Qui suis-je ?

Je suis née un mardi de pluviôse azuré
Dans la ville nouvelle d’Auguste Perret,
Sur les hauteurs du quartier chic de Sainte-Adresse,
Là où l’élégant Pain de Sucre blanc se dresse.
Père et mère naviguent à contre-marée,
Promesse éphémère, voilure déchirée.

Mai 1950 mère et filles Le Havre

Leur désamour est terrible en haine, en vengeance,
Pas de pitié, pas d’état d’âme pour l’enfance.
Trois filles au centre du minable fiasco
Grandiront sous les crieries enflées par l’écho.
Porte-détresse, porte-peine sans défense,
Porte-haine rançonnées pour venger l’offense.

Je suis la troisième, bouquet de leur passion
Ou fruit de leur plaisir, ou gain de l’impulsion,
Qui le saurait ? Médée sous notre toit s’installe.
La machine est huilée, la manœuvre brutale,
Les effets destructeurs en toute discrétion
Pour laver l’outrage.
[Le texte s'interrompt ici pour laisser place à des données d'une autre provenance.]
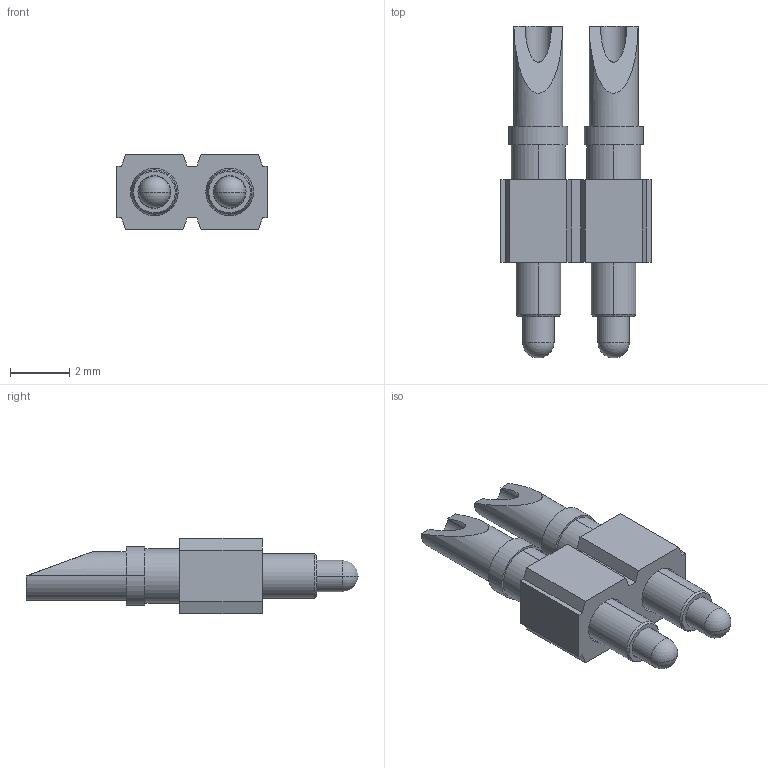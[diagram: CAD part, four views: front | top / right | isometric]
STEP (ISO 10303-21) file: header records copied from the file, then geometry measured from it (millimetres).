
FILE_DESCRIPTION (( 'STEP AP214' ), '1' );
FILE_NAME ('mill-max-824-22-002-00-001000.step', '2018-02-07T23:15:24', ( '' ), ( '' ), 'SwSTEP 2.0', 'SolidWorks 2018', '' );
FILE_SCHEMA (( 'AUTOMOTIVE_DESIGN' ));
Length unit declared in the file: inch
Products named in the file (6): mill-max-824-22-002-00-001000_6950-0_6950-0-02-20-00-00-13-0; mill-max-824-22-002-00-001000_P3XX-18-010-00-090000_P302-18-010-00-090000; mill-max-824-22-002-00-001000_0918-X_0918-5-00-20-00-00-13-0; mill-max-824-22-002-00-001000; mill-max-824-22-002-00-001000_SPRING_6875-0-00-00-75-14-43-0; mill-max-824-22-002-00-001000_9370_9370-0-01-14-00-00-13-0
Assembly tree (9 placements, depth 2):
  mill-max-824-22-002-00-001000
    mill-max-824-22-002-00-001000_P3XX-18-010-00-090000_P302-18-010-00-090000
    mill-max-824-22-002-00-001000_9370_9370-0-01-14-00-00-13-0  x2
    mill-max-824-22-002-00-001000_6950-0_6950-0-02-20-00-00-13-0  x2
    mill-max-824-22-002-00-001000_0918-X_0918-5-00-20-00-00-13-0  x2
    mill-max-824-22-002-00-001000_SPRING_6875-0-00-00-75-14-43-0  x2
Bounding box: 5.08 x 11.2 x 2.54 mm (x, y, z)
Volume: 52.3 mm3; surface area: 344 mm2
Topology: 9 solids, 9 shells, 154 faces, 348 edges, 200 vertices
Faces by surface type: cylinder 56, plane 46, cone 32, sphere 8, torus 8, bspline 4
Entity records: 5076 total; most frequent: CARTESIAN_POINT 2742, DIRECTION 476, ORIENTED_EDGE 392, EDGE_CURVE 196, AXIS2_PLACEMENT_3D 184, VERTEX_POINT 122, VECTOR 108, LINE 108

Cruelle punition.

Carte postale du sculpteur peintre Antonio Canova

Abattre le coupable et sa progéniture,
Tel est le but de Médée pour sa forfaiture.
Ah ! que les mots “froid” et “peur” me sont familiers !
Du réveil au coucher, ces syllabes alliées
De mon être brisé sont l’âpre signature,
Une sourde entrave à ma conduite future.

J’ai évolué sur des fondations en carton,
Otage de la rancœur, choyée au bâton,
Sans escorte aimante, sans amour ni repère,
Sans la chance d’explorer l’image du père,
Sans ressentiment malgré l’indigne abandon.
Au parent bourreau, j’ai accordé le pardon.
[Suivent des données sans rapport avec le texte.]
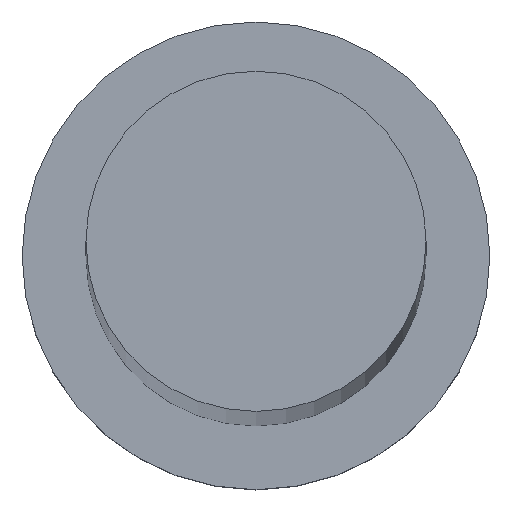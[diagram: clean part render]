
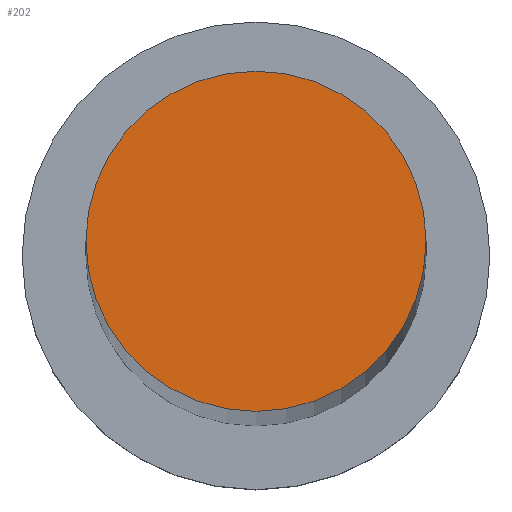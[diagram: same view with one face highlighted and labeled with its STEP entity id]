
A CAD part, top view. The second image highlights one B-rep face of the part: STEP entity #202.
In plain terms, the highlighted planar face has unit normal (0, 0, 1).
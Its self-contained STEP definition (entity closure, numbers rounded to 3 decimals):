
#15 = AXIS2_PLACEMENT_3D ( 'NONE', #104, #140, #91 ) ;
#26 = FACE_OUTER_BOUND ( 'NONE', #128, .T. ) ;
#36 = AXIS2_PLACEMENT_3D ( 'NONE', #159, #242, #149 ) ;
#38 = CIRCLE ( 'NONE', #111, 8. ) ;
#47 = CARTESIAN_POINT ( 'NONE',  ( 0., 0., 400. ) ) ;
#50 = DIRECTION ( 'NONE',  ( 0., 0., 1. ) ) ;
#67 = PLANE ( 'NONE',  #15 ) ;
#79 = CARTESIAN_POINT ( 'NONE',  ( -8., 0., 400. ) ) ;
#91 = DIRECTION ( 'NONE',  ( 1., 0., 0. ) ) ;
#96 = EDGE_CURVE ( 'NONE', #130, #112, #207, .T. ) ;
#104 = CARTESIAN_POINT ( 'NONE',  ( 0., 0., 400. ) ) ;
#111 = AXIS2_PLACEMENT_3D ( 'NONE', #47, #50, #172 ) ;
#112 = VERTEX_POINT ( 'NONE', #115 ) ;
#115 = CARTESIAN_POINT ( 'NONE',  ( 8., 0., 400. ) ) ;
#128 = EDGE_LOOP ( 'NONE', ( #232, #247 ) ) ;
#130 = VERTEX_POINT ( 'NONE', #79 ) ;
#140 = DIRECTION ( 'NONE',  ( 0., 0., 1. ) ) ;
#149 = DIRECTION ( 'NONE',  ( 1., 0., 0. ) ) ;
#159 = CARTESIAN_POINT ( 'NONE',  ( 0., 0., 400. ) ) ;
#172 = DIRECTION ( 'NONE',  ( 1., 0., 0. ) ) ;
#202 = ADVANCED_FACE ( 'NONE', ( #26 ), #67, .T. ) ;
#207 = CIRCLE ( 'NONE', #36, 8. ) ;
#232 = ORIENTED_EDGE ( 'NONE', *, *, #96, .T. ) ;
#242 = DIRECTION ( 'NONE',  ( 0., 0., 1. ) ) ;
#247 = ORIENTED_EDGE ( 'NONE', *, *, #252, .T. ) ;
#252 = EDGE_CURVE ( 'NONE', #112, #130, #38, .T. ) ;

Dans le berceau de la luxueuse Champagne,
La baraka comme par magie m’accompagne.
Mariée, deux trésors, j’ai édifié mon cocon,
Possiblement aussi fragile qu’un flocon,
À l’abri de la machiavélique chicane.
Le trèfle à quatre feuilles jamais ne se fane.

La vigne sur les coteaux de la Montagne de Reims

Confiants, mes phénix se sont envolés du nid,
Solides, équilibrés, l’odyssée bénie
Par des parents fiers de la tâche hasardeuse
Altérée par une jeunesse cahoteuse,
Fiers de l’aventure menée dans l’harmonie,
Qui les suivent avec une soif infinie.

Ma mission accomplie, je transporte ma chaise
Sur la dune. Sous mon chapeau de paille, à l’aise,
Je vagabonde mollement dans ma pensée,
Par le murmure des vaguelettes bercée.
L’onde frémissante sous la brise m’apaise,
Douce nonchalance en presqu’île guérandaise.